Impulses possess a far different reality than physicists or biologists suppose. As you think now, "past" is still occurring. The "drag" still leaps the synapses, but, again, is not physically recorded. Past events continue. Consciously you only experience portions of events with your corporeal structure, yet the structure itself records them.

[... 6 paragraphs ...]

They represent your experience on other than physical levels. My dear friend Ruburt (briefly louder) has to some extent given an analogy of this in the first Oversoul 7 book, a novel. You perceive a certain event as present. Your beliefs give it entry through the nerve synapses, and attract it. It then seems to become the past. You have only tuned into a portion of it physically, though; that past event continues to exist with its own "future," which you may or may not perceive, according to which probable action you pull into your next experiences of actuality.

[... 9 paragraphs ...]

This could not happen if your physical structure did not have built-in mechanisms allowing it to, and if under certain conditions the normal intervals between the synapses of the nerve cells could not be leaped in a different fashion.
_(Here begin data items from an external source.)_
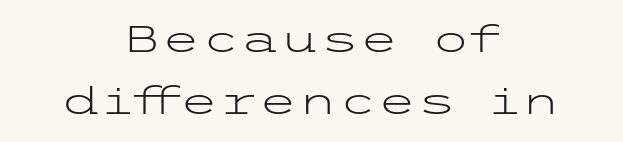
In terms of posture, this sample is upright. No heavy texture on the line: the type isn't bold. Nothing sits at the stroke ends, so this counts as sans-serif. Bare-footed words on every line.
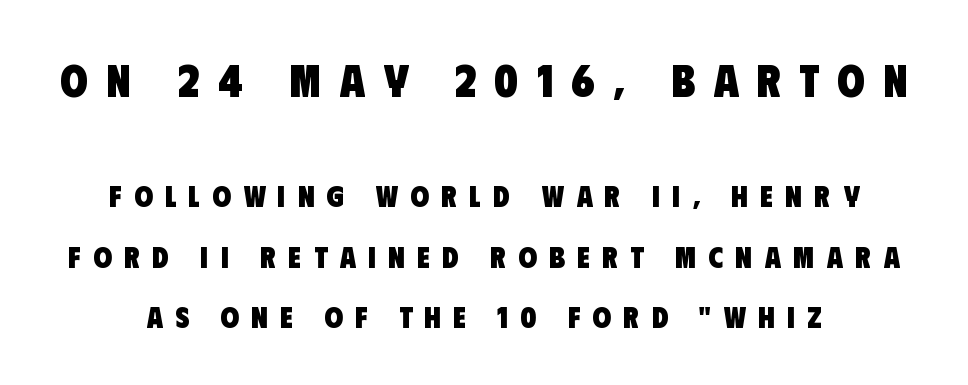
{"serif": "no", "bold": "yes", "weight": "heavy", "width": "condensed", "stroke_contrast": "low", "x_height": "large", "monospaced": "no", "underline": "no", "line_spacing": "loose", "line_spacing_ratio": 2.01, "letter_spacing": "wide", "letter_spacing_em": 0.41, "larger_block": "first", "size_ratio": 1.5, "glyph_px": 45}
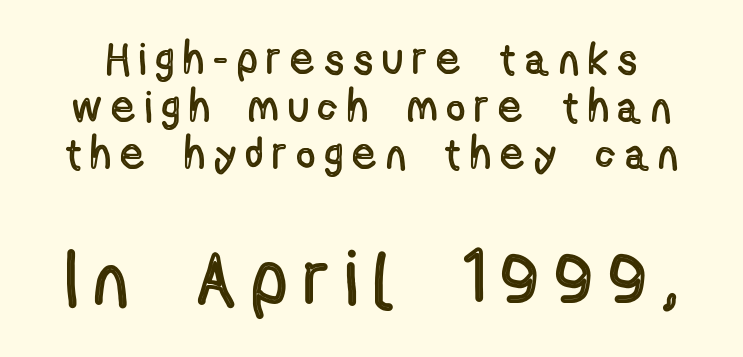
The image shows 77 px condensed type, upright; set tight line spacing (1.08x), unusually wide letter spacing (+0.25 em), not underlined; the second (bottom) block is 1.75x larger; a medium x-height.
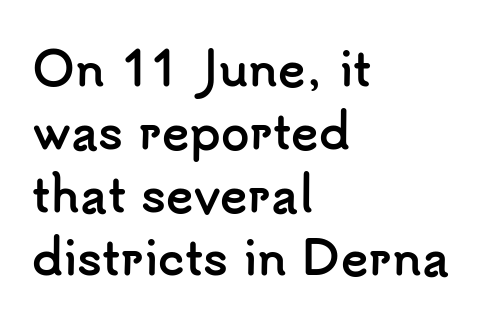
The strokes are fattened all the way to bold. Is this a sans? Yes — the strokes have no serifs. Vertical spacing — default. One-word summary of the alignment: left. Characters follow at the spacing the type designer built in. The letters advance in unequal steps, a hallmark of proportional type.
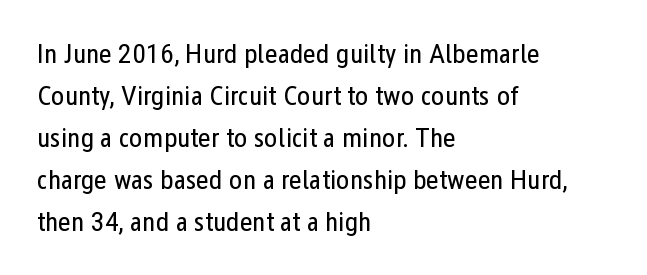
Line starts are locked; line ends wander. Ink coverage per letter is moderate at most. Look at the tracking — it's just the regular setting, nothing added. Summary of vertical rhythm: regular, with standard interline spacing.
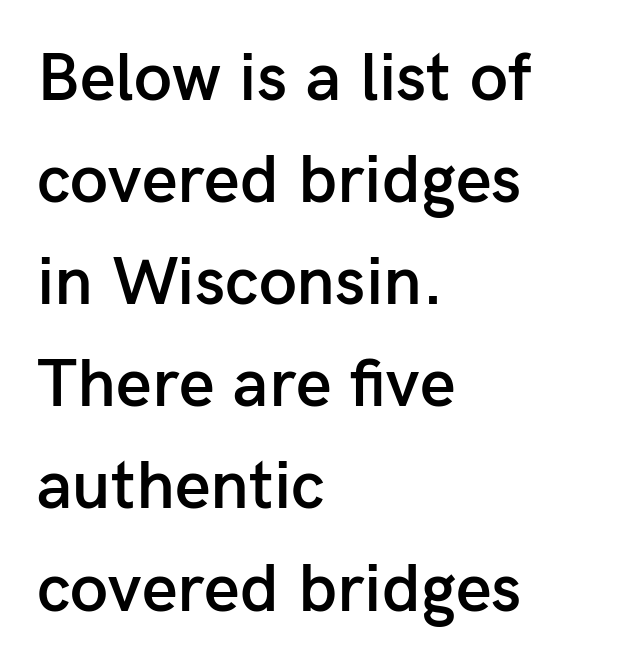
Q: Is the text bold? A: Semi-bold.
Q: Is the text italic (slanted)? A: No, it is upright.
Q: Is the typeface a serif or a sans-serif typeface? A: Sans-serif.
Q: Is the text underlined? A: No.
Q: How is the paragraph aligned? A: Left-aligned.
Q: Is the spacing between letters normal or unusually wide? A: Normal.
Q: Is the spacing between lines tight, normal or loose? A: Normal.
Q: Width (condensed, normal, or wide)? A: Normal.
Q: Stroke contrast? A: Low.
Q: x-height? A: Medium.
Q: Monospaced? A: No.
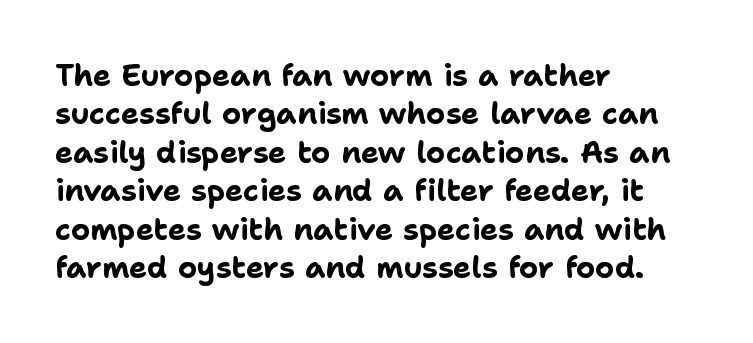
{"serif": "no", "italic": "no", "bold": "yes", "weight": "bold", "width": "normal", "stroke_contrast": "low", "x_height": "medium", "monospaced": "no", "underline": "no", "align": "left", "line_spacing": "normal", "line_spacing_ratio": 1.28, "letter_spacing": "normal", "letter_spacing_em": 0.0, "glyph_px": 30}
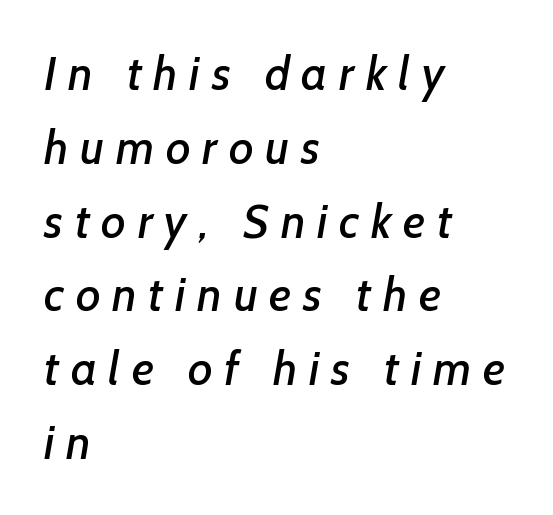
Q: Is the typeface a serif or a sans-serif typeface? A: Sans-serif.
Q: Is the text underlined? A: No.
Q: How is the paragraph aligned? A: Left-aligned.
Q: Is the spacing between letters normal or unusually wide? A: Unusually wide.
Q: Is the spacing between lines tight, normal or loose? A: Normal.
Q: Width (condensed, normal, or wide)? A: Normal.
Q: Stroke contrast? A: Low.
Q: x-height? A: Medium.
Q: Monospaced? A: No.
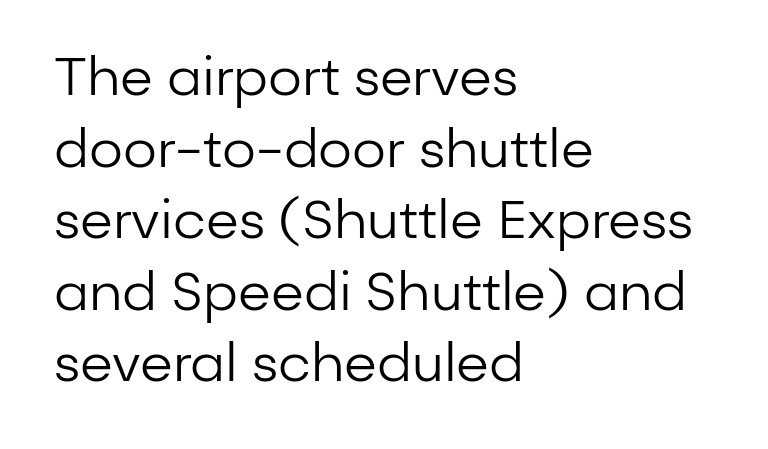
Typographically, this falls in the sans-serif category. The specimen omits any rule beneath the text block's lines. The passage shown is typed in a proportional face where columns would drift. The letters sit at their default tracking, neither squeezed nor spread.
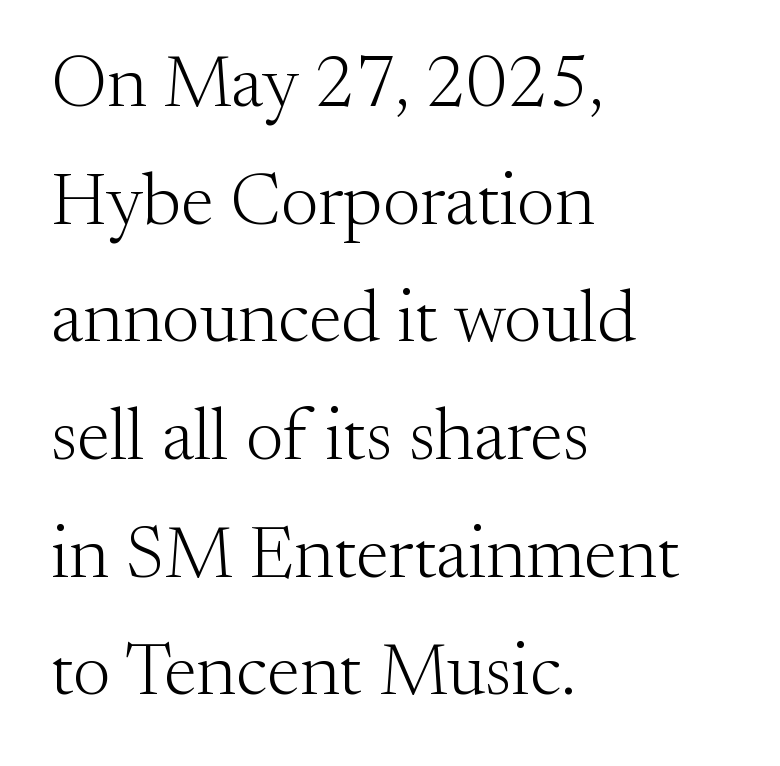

In the same way, a future experience may also be physically perceived in your present. Now beneath your usual consciousness, your physical organism can react to future events without your knowledge, as it can to past ones. In such cases the intensity of the initially nonphysical event is enough to break through normal neuronal patterns.

[... 6 paragraphs ...]"

—NoPR Part Two: Chapter 14: Session 653, April 4, 1973
Although I don't always write it explicitly, it should be inferred that everything I post is "my belief", "my opinion" on that subject, at that moment.